# EXERCISE:
When you reach the line containing "value: South Jonathanview" in the entries below, begin reproducing lines exactly, and stop once the line containing "key: ORDER_SUBTOTAL" is done.
---------- MATERIAL TO PROCESS ----------
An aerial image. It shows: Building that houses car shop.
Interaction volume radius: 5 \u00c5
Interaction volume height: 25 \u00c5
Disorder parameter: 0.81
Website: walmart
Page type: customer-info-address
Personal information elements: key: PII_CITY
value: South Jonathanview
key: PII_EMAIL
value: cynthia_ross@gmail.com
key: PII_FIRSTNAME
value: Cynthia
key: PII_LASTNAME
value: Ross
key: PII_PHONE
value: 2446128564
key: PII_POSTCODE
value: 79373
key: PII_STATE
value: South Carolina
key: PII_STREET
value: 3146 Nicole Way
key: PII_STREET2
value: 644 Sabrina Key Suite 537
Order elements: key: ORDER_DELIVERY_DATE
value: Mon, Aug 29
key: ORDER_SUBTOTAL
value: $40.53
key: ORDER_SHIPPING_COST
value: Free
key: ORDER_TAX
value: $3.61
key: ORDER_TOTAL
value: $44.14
----------
---------- MATERIAL TO PROCESS ----------
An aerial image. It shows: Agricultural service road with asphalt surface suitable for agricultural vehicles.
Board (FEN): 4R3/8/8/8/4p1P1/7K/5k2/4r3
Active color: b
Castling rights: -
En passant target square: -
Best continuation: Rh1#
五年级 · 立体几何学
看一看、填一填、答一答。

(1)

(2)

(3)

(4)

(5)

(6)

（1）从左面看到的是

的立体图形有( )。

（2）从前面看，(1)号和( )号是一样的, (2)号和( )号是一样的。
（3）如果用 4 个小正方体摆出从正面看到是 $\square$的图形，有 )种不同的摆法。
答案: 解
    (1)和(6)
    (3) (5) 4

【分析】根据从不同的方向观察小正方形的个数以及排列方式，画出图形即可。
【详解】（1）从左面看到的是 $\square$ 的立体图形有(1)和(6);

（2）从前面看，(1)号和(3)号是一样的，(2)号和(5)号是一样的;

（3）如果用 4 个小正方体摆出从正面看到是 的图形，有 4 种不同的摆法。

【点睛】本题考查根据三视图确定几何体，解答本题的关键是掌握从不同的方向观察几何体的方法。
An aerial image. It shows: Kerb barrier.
----------
# OUTPUT:
value: South Jonathanview
key: PII_EMAIL
value: cynthia_ross@gmail.com
key: PII_FIRSTNAME
value: Cynthia
key: PII_LASTNAME
value: Ross
key: PII_PHONE
value: 2446128564
key: PII_POSTCODE
value: 79373
key: PII_STATE
value: South Carolina
key: PII_STREET
value: 3146 Nicole Way
key: PII_STREET2
value: 644 Sabrina Key Suite 537
Order elements: key: ORDER_DELIVERY_DATE
value: Mon, Aug 29
key: ORDER_SUBTOTAL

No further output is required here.